THE RECORDS
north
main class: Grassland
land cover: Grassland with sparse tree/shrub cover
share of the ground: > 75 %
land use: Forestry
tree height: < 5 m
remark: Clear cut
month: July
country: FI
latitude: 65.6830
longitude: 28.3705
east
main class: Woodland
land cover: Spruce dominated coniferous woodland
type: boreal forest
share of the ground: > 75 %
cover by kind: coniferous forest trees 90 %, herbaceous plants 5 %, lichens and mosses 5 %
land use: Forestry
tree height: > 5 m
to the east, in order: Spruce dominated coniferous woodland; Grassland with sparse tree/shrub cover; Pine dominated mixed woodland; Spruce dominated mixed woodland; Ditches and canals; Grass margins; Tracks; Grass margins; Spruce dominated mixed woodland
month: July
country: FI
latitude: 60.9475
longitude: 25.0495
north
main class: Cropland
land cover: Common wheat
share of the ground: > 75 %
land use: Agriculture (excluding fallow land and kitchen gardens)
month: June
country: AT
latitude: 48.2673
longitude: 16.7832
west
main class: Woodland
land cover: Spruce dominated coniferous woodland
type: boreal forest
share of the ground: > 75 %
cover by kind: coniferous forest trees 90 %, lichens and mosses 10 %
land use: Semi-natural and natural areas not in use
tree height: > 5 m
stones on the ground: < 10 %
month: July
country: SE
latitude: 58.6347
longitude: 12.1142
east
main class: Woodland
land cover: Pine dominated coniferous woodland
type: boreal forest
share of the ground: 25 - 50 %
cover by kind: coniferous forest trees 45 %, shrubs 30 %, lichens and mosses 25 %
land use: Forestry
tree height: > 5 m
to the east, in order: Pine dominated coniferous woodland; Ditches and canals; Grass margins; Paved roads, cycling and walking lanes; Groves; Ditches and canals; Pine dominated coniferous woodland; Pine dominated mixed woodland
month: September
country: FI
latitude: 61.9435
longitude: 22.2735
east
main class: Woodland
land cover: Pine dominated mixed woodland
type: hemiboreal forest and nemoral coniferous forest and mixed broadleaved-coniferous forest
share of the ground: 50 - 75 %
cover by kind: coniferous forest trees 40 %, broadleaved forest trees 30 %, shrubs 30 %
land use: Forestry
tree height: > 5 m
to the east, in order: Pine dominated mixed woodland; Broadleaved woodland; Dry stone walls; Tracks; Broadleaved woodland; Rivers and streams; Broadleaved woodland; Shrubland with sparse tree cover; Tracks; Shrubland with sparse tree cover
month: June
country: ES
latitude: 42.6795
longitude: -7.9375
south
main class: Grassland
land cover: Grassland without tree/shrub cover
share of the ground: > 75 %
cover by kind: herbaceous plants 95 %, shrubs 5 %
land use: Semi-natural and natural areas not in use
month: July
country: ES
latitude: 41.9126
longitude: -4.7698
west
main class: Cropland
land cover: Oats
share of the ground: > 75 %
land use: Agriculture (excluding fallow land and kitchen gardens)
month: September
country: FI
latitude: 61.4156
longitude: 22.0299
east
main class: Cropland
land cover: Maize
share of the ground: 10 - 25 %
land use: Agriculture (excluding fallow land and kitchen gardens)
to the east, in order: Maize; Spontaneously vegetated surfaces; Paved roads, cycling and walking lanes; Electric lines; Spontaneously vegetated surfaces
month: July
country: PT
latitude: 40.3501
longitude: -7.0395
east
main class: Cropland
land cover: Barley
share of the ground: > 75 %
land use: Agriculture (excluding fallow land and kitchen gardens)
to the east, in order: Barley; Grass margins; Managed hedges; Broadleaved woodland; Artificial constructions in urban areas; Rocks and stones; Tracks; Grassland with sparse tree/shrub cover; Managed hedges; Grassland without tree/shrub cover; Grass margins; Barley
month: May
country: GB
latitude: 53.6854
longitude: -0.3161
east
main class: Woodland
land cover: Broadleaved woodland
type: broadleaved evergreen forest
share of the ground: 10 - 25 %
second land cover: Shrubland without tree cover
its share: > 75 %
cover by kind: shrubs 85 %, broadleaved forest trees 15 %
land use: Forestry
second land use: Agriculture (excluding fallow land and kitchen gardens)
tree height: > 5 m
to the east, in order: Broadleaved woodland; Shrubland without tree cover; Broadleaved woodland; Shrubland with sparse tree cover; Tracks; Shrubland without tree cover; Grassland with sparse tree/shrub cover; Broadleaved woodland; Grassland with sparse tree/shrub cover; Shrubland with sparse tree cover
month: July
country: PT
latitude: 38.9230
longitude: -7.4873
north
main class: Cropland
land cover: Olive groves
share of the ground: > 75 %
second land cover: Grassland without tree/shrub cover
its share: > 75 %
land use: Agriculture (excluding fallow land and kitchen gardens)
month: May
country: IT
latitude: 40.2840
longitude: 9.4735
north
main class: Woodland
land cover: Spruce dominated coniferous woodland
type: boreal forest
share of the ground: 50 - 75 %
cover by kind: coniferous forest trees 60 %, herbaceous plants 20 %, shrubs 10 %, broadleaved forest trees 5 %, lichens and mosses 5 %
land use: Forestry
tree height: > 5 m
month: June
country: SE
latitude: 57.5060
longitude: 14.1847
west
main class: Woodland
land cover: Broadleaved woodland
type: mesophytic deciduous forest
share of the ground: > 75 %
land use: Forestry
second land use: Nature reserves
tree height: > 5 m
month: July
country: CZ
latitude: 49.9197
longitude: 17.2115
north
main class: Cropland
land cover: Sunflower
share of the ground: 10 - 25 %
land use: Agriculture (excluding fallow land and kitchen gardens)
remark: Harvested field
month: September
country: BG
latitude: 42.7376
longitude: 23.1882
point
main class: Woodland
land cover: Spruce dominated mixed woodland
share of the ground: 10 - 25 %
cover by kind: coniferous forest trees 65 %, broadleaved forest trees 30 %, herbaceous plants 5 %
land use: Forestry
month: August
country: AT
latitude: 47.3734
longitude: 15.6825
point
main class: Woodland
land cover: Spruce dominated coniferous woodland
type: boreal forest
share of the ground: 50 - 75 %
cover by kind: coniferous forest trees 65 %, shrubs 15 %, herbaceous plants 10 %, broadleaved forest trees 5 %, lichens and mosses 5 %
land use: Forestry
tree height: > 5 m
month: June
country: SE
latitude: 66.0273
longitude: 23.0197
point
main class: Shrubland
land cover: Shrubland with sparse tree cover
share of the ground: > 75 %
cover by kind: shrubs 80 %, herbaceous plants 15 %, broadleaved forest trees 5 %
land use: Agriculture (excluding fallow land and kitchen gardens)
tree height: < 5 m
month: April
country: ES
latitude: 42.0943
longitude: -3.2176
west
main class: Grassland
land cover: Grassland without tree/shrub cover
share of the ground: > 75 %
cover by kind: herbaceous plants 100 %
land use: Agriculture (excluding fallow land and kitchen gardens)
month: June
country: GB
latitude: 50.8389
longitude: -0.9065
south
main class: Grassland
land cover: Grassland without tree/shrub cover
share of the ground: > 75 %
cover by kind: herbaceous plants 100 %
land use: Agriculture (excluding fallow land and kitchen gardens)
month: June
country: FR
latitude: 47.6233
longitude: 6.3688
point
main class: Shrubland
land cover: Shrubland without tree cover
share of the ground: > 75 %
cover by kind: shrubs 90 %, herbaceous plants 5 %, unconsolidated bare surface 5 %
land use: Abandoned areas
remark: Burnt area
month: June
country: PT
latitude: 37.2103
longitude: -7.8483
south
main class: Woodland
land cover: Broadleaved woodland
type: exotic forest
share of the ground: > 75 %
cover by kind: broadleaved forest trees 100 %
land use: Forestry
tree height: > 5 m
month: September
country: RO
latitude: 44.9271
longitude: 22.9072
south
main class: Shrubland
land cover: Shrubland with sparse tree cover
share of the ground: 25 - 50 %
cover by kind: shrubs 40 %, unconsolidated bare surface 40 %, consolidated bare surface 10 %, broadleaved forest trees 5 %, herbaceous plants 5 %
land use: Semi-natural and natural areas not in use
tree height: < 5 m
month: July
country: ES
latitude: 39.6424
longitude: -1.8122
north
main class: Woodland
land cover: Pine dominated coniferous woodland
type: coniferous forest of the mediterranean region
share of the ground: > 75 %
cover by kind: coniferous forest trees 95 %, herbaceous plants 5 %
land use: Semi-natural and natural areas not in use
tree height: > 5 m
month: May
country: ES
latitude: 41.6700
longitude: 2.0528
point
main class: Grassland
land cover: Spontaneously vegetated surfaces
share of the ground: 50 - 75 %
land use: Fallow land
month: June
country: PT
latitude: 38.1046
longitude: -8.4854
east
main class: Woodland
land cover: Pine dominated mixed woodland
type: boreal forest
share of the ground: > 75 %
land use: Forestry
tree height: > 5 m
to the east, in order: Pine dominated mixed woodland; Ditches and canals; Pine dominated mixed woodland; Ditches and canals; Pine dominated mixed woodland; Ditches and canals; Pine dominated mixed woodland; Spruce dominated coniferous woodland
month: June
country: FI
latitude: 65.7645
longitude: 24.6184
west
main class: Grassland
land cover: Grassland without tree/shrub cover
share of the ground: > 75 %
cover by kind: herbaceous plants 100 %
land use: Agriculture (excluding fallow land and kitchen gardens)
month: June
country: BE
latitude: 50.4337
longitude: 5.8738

TASK DESCRIPTION
In the material above, please find every line that includes the word "plants" and copy it.

ANSWER TO THIS EXERCISE
cover by kind: coniferous forest trees 90 %, herbaceous plants 5 %, lichens and mosses 5 %
cover by kind: herbaceous plants 95 %, shrubs 5 %
cover by kind: coniferous forest trees 60 %, herbaceous plants 20 %, shrubs 10 %, broadleaved forest trees 5 %, lichens and mosses 5 %
cover by kind: coniferous forest trees 65 %, broadleaved forest trees 30 %, herbaceous plants 5 %
cover by kind: coniferous forest trees 65 %, shrubs 15 %, herbaceous plants 10 %, broadleaved forest trees 5 %, lichens and mosses 5 %
cover by kind: shrubs 80 %, herbaceous plants 15 %, broadleaved forest trees 5 %
cover by kind: herbaceous plants 100 %
cover by kind: herbaceous plants 100 %
cover by kind: shrubs 90 %, herbaceous plants 5 %, unconsolidated bare surface 5 %
cover by kind: shrubs 40 %, unconsolidated bare surface 40 %, consolidated bare surface 10 %, broadleaved forest trees 5 %, herbaceous plants 5 %
cover by kind: coniferous forest trees 95 %, herbaceous plants 5 %
cover by kind: herbaceous plants 100 %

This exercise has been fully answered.